The United States did not succeed in passing the draft-resolution, which it submitted before the UN Security Council on August 14, in order to extend the arms embargo on Iran, in line with UNSC Resolution 2231.
According to the resolution, the UN ban on conventional arms sales to and from Iran ends on October 18, that is, 15 days before the US presidential elections.
The US administration has engaged in a thorny diplomatic battle as part of its maximum pressure campaign on the regime in Tehran. President Donald Trump and Secretary of State Mike Pompeo are employing all political, diplomatic and legal means to extend the ban indefinitely.

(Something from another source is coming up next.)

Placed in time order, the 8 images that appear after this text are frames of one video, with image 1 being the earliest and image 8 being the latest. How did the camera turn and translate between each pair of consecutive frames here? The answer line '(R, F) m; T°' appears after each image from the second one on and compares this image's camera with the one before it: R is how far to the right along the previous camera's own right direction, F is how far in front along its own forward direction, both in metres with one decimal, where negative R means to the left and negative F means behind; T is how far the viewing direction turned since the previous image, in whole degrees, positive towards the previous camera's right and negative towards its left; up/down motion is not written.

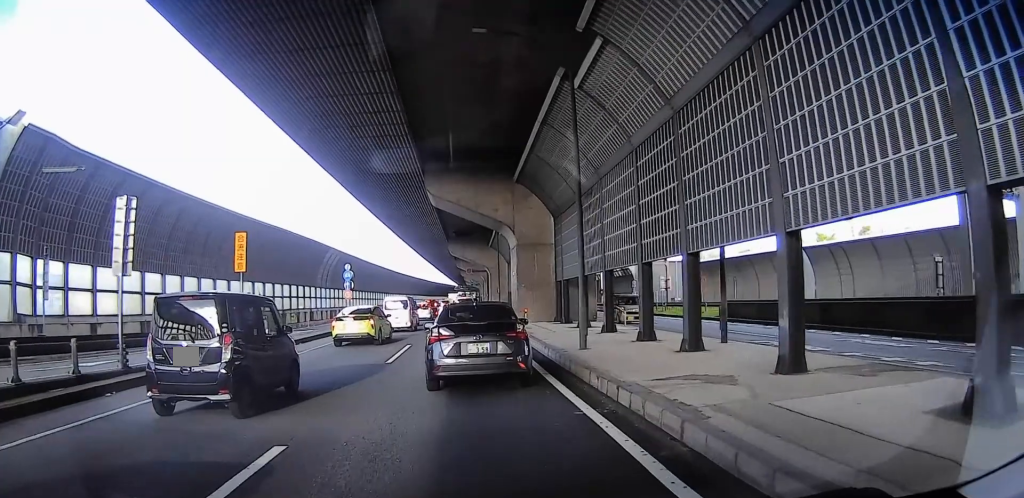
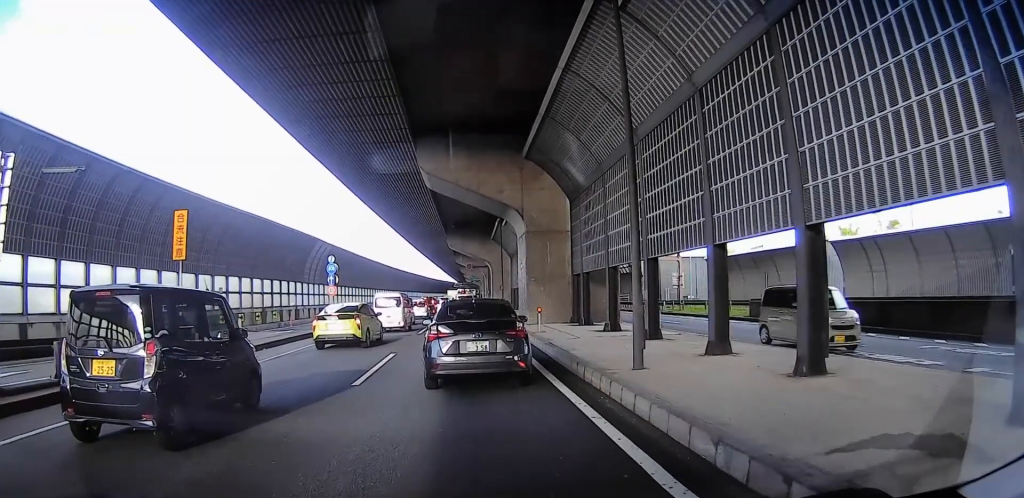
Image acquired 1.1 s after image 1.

As the US draft-resolution was met with wide rejection at the Security Council, Trump’s administration has resorted to a gap in Resolution 2231, known as the snapback process.
The process begins when a signatory to Iran’s nuclear deal (JCPOA) – as defined in UNSCR 2231 – notifies the Security Council of an issue believed to constitute “significant non-performance of commitments under the JCPOA.”
Unless the Council adopts a resolution within 30 days to ignore the complaint, all of the provisions of resolutions that had been terminated by UNSCR 2231 come back into force. This process is called snapback because all prior restrictions on Iran snap back into place.
The fact is that international law jurists at the US State Department found in this process the “gap” they were looking for to enable Washington to indefinitely extend the arms embargo on Iran, despite Trump’s withdrawal from the JCPOA in 2018.
However, this claim does not satisfy the other four parties to the nuclear deal, who believe that Washington has lost the right to resort to this mechanism due to its official pullout from the agreement.
Washington claims that it has already withdrawn, but it is still part of the agreement, which means it has not lost this capacity because “the deal is one thing and the Security Council resolution is another.”
But the EU parties to the agreement stressed that Washington’s attempts would create a deep rift within the Security Council on one hand, and between the United States and its traditional European allies on the other.
European diplomatic sources in Paris said that the three European parties (France, Britain and Germany) have not yet found the means to ward off what they consider to be an “imminent danger”, a threat to US-European relations and a weakening of the authority of the Security Council.
Therefore, European diplomacy is moving in every direction to find a way out, and might regard Russian President Vladimir Putin’s proposal for a virtual summit to discuss Iran as an opportunity.
Observers noted that Trump’s rush to resort to the snapback process was also intended to block any subsequent US leniency towards Iran in the event that Democrat Joe Biden is elected President of the United States.